Resolving Schema Conflicts in Apollo Federation
As distributed API ecosystems scale, engineering teams repeatedly hit overlapping type definitions, field signature mismatches, and contested ownership during supergraph composition — and unlike a monolith, there is no single schema author to arbitrate. The cost is concrete: a single nullability drift or a duplicated @key blocks every subgraph deploy behind it, because composition is all-or-nothing. This guide sits under GraphQL Federation Architecture & Design and turns abstract conflict classes into a repeatable diagnostic and remediation workflow, covering ownership directives, field-migration patterns, and the router-level configuration that keeps composition green without sacrificing query-plan efficiency.
Two focused walkthroughs build on the material here: when to use schema stitching versus Apollo Federation for teams still choosing a composition model, and resolving field type mismatch composition errors for the single most common hard failure. Read those after you understand the conflict taxonomy below.
Prerequisites
Before working through the conflict-resolution patterns on this page, confirm the following are in place:
Concept Deep-Dive: The Conflict Taxonomy
The Apollo Federation composition engine enforces strict schema validation: it merges every subgraph SDL into one supergraph and rejects any merge it cannot prove is consistent. When rover supergraph compose fails, the output maps each conflict to the specific subgraph SDL and field that caused it. Almost every composition conflict falls into one of four families.
Type-shape conflicts. Two subgraphs define the same field on a shared type with incompatible signatures — String! versus String, Int versus Float, or divergent argument lists. Federation performs no coercion: the field types must match exactly for a shared field, or one subgraph must own the field outright. This family is covered end to end in resolving field type mismatch composition errors.
Ownership conflicts. The same field is defined in multiple subgraphs without anyone declaring @shareable, so the engine cannot tell which subgraph is authoritative. This is the INVALID_FIELD_SHARING error class, and it is fixed either by marking the field @shareable everywhere it appears or by consolidating it behind a single owner.

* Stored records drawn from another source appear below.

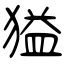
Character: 獈
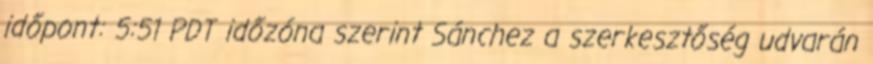
időpont: 5:51 PDT időzóna szerint Sánchez a szerkesztőség udvarán
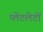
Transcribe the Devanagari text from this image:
प्‍लेटलेटों
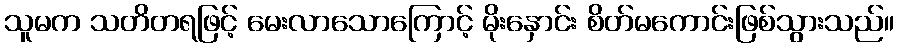
သူမက သတိတရဖြင့် မေးလာသောကြောင့် မိုးနှောင်း စိတ်မကောင်းဖြစ်သွားသည်။
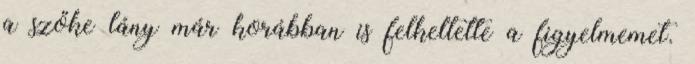
a szőke lány már korábban is felkeltette a figyelmemet.
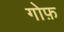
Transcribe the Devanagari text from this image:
गोफ़
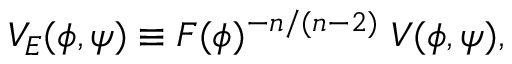
V _ { E } ( \phi , \psi ) \equiv F ( \phi ) ^ { - n / ( n - 2 ) } \; V ( \phi , \psi ) ,
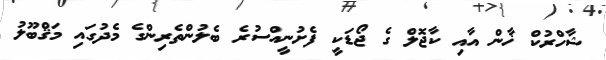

Key and entity conflicts. A subgraph extends an entity but does not mark the @key fields @external, or two subgraphs declare incompatible @key selections for the same type. The router cannot build a consistent _entities resolution path, so composition halts.
Directive conflicts. Mismatched @deprecated reasons, conflicting @inaccessible declarations, or an @override(from:) that names a subgraph that does not exist. These are metadata-level disagreements that nonetheless break the merged SDL.

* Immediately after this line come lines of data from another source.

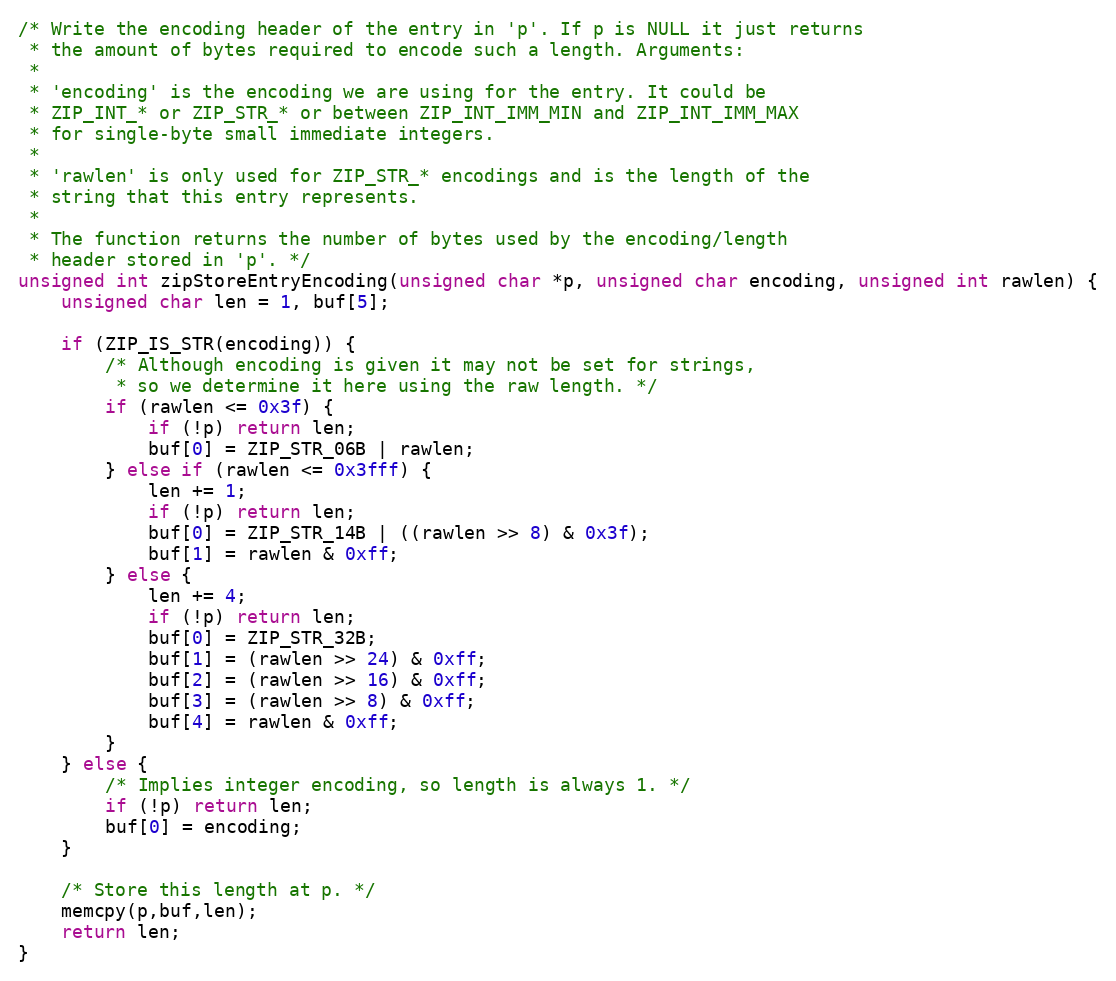
Language: C
/* Write the encoding header of the entry in 'p'. If p is NULL it just returns
 * the amount of bytes required to encode such a length. Arguments:
 *
 * 'encoding' is the encoding we are using for the entry. It could be
 * ZIP_INT_* or ZIP_STR_* or between ZIP_INT_IMM_MIN and ZIP_INT_IMM_MAX
 * for single-byte small immediate integers.
 *
 * 'rawlen' is only used for ZIP_STR_* encodings and is the length of the
 * string that this entry represents.
 *
 * The function returns the number of bytes used by the encoding/length
 * header stored in 'p'. */
unsigned int zipStoreEntryEncoding(unsigned char *p, unsigned char encoding, unsigned int rawlen) {
    unsigned char len = 1, buf[5];

    if (ZIP_IS_STR(encoding)) {
        /* Although encoding is given it may not be set for strings,
         * so we determine it here using the raw length. */
        if (rawlen <= 0x3f) {
            if (!p) return len;
            buf[0] = ZIP_STR_06B | rawlen;
        } else if (rawlen <= 0x3fff) {
            len += 1;
            if (!p) return len;
            buf[0] = ZIP_STR_14B | ((rawlen >> 8) & 0x3f);
            buf[1] = rawlen & 0xff;
        } else {
            len += 4;
            if (!p) return len;
            buf[0] = ZIP_STR_32B;
            buf[1] = (rawlen >> 24) & 0xff;
            buf[2] = (rawlen >> 16) & 0xff;
            buf[3] = (rawlen >> 8) & 0xff;
            buf[4] = rawlen & 0xff;
        }
    } else {
        /* Implies integer encoding, so length is always 1. */
        if (!p) return len;
        buf[0] = encoding;
    }

    /* Store this length at p. */
    memcpy(p,buf,len);
    return len;
}

The diagram below shows where each family is caught — boundary design errors leak into composition, composition errors leak into the query plan, and only fully-merged supergraphs reach the router.
A useful mental model is that composition is a proof obligation, not a merge: the engine must prove that for every field reachable from the supergraph root there is exactly one unambiguous resolution path. Every conflict family above is the engine refusing to guess. Type-shape and ownership conflicts are ambiguities about which subgraph answers; key and entity conflicts are ambiguities about how the router rehydrates a reference; directive conflicts are ambiguities about what the merged field even means. Internalising that distinction tells you where to look: ambiguity about who answers is fixed with @shareable or @override, ambiguity about rehydration is fixed at the @key/@external boundary, and ambiguity about meaning is fixed by aligning directive metadata. When you read a composition error, classify it into one of those three buckets first; the remediation follows almost mechanically.
A second-order benefit of resolving conflicts at the SDL contract level rather than at runtime is that the fix is verifiable in CI before any service redeploys. A stitching gateway that silently drops a field surfaces the problem as a production incident; a federation composition that cannot prove a field’s resolution path fails the check on the pull request. That shift — from runtime surprise to build-time refusal — is the entire value proposition of strict composition, and it is why the patterns below all pair an SDL change with a rover verification command.
Systematic Debugging Workflow
# Production-safe validation pipeline
rover subgraph introspect https://api.subgraph-a.com/graphql > subgraph_a.graphql
rover subgraph introspect https://api.subgraph-b.com/graphql > subgraph_b.graphql
rover supergraph compose --config supergraph.yaml 2>&1 | grep -A 5 "ERROR"
Directive & Config Spec Table
These are the directives and config keys you reach for when resolving conflicts. Composition-time effects are evaluated by the engine before any traffic flows; runtime effects are enforced by the router per request.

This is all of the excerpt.